EFA (`model.efa`)	Estimate evolving rank/component count in ordered mixture or process data.	`default: SpectralDataset`	`forward_eigenvalues`; `backward_eigenvalues`; `model`	`n_components`. Requires SpectroChemPy.
SIMPLISMA (`model.simplisma`)	Estimate pure variables/components by purity maximization.	`default: SpectralDataset`	`concentrations`; `spectra`; `purity_values`; `model`	`n_components`; `tol`; `noise`. Requires SpectroChemPy.

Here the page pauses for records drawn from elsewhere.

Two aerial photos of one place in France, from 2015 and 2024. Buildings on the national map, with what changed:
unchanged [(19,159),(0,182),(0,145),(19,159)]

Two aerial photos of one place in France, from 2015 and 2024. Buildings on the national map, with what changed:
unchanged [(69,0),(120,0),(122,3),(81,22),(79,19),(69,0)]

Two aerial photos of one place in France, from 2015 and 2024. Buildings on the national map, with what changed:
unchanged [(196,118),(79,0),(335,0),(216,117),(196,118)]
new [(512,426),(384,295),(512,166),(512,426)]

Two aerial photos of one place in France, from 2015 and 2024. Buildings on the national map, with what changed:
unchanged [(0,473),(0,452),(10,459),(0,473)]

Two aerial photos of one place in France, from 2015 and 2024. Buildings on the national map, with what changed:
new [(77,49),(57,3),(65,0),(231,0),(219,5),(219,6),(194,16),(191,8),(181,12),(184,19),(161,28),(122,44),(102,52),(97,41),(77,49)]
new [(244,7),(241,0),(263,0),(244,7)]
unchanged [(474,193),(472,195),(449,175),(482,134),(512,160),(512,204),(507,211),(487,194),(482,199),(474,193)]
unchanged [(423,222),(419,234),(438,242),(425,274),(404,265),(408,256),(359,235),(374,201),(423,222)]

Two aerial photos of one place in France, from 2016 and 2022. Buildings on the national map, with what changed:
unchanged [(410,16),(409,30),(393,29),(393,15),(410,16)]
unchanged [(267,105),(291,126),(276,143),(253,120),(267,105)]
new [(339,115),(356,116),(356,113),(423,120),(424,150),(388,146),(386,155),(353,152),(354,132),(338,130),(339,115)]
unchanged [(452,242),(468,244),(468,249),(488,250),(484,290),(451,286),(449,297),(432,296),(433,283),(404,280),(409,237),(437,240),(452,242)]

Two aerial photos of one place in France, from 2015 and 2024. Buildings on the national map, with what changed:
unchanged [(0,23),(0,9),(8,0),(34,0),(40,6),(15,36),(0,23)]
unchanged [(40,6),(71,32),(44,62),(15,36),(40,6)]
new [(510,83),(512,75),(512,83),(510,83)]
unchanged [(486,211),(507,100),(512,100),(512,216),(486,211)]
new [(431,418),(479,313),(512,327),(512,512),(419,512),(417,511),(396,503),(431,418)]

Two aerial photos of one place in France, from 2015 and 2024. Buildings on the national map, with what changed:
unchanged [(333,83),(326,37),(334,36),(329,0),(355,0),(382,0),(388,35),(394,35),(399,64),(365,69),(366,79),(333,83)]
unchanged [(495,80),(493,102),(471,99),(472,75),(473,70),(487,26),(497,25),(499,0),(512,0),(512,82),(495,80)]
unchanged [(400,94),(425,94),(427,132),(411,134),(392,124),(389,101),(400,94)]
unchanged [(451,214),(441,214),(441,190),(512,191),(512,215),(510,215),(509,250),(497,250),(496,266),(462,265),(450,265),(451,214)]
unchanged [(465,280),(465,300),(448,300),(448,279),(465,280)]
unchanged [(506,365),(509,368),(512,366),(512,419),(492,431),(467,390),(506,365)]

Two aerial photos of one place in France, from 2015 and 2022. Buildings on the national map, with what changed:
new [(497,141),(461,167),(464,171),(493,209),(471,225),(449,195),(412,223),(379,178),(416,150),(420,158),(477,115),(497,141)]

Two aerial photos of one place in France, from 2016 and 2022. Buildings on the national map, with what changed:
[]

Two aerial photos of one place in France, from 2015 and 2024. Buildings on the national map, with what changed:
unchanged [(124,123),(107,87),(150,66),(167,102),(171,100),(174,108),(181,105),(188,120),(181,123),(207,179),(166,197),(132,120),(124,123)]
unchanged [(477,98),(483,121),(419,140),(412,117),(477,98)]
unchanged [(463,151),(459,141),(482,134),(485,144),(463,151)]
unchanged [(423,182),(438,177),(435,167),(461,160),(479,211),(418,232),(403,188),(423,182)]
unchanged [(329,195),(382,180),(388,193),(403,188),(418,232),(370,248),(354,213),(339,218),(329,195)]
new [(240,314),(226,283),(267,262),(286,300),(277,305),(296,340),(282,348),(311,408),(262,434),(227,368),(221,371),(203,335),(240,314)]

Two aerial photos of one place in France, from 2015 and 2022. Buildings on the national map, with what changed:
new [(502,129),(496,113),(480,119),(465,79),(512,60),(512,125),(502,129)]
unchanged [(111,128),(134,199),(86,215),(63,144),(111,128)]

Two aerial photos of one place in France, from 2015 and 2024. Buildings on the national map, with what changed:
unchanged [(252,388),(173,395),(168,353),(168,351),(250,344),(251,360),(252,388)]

SpectroChemPy's MCR-ALS and baseline documentation are useful background for constrained curve-resolution thinking: https://www.spectrochempy.fr/0.7.0/userguide/analysis/mcr_als.html and https://www.spectrochempy.fr/0.8.3/userguide/processing/baseline.html.

Clustering

Node	Use When	Inputs	Outputs	Key Configuration
HCA (`model.hca`)	Build hierarchical clusters and dendrograms from spectra or scores.	`default: Array2D`	`labels`; `cluster_summary`; `linkage_matrix`; `dendrogram_data`; `embedding`; `model`	`n_clusters`; `linkage`; `metric`. Ward linkage expects Euclidean distance.
K-Means (`model.kmeans`)	Partition samples into a chosen number of compact clusters.	`default: Array2D`	`labels`; `centroids`; `cluster_summary`; `embedding`; `model`	`n_clusters`; `n_init`; `max_iter`; `random_state`.
DBSCAN (`model.dbscan`)	Find density-based clusters and noise/outlier samples.	`default: Array2D`	`labels`; `cluster_summary`; `embedding`; `model`	`eps`; `min_samples`; `metric`. Tune `eps` carefully after scaling.

Peak and Library Nodes

Node	Use When	Inputs	Outputs	Key Configuration
Peak Finding (`analysis.peak_finding`)	Detect candidate spectral peaks for interpretation, masking, or library workflows.	`default: SpectralDataset`	`peaks`; `annotated_spectrum`; `spectrum`	`height`; `threshold`; `distance`; `prominence`; `width`. These mirror the main controls in SciPy `find_peaks`.
Peak ID (`analysis.peak_id`)	Ask the configured primary LLM for tentative vibration assignments for detected peaks.	`peaks: Array1D`	assigned peak list	`compound`; `max_peaks`; `min_relative_height`. Treat as interpretive assistance, not proof.
Compare vs. Library (`analysis.compare_library`)	Rank a sample against selected reference spectra using HQI and cosine similarity.	`sample: SpectralDataset`; `library: SpectralDataset`	ranking dictionary with scores and diagnostics	`top_n`; `library_filter`; `hqi_mode`; diagnostic bands and overlap thresholds.

SciPy documents the find_peaks controls for height, threshold, distance, prominence, and width here: https://docs.scipy.org/doc/scipy-1.16.0/reference/generated/scipy.signal.find_peaks.html.

Practical Use

Use exploratory nodes to understand variation, outliers, clusters, pure-component estimates, and candidate spectral features before locking in a calibration or classification model. Prefer scores plots for sample structure, loadings or coefficients for variable interpretation, and residual/limit plots for model adequacy.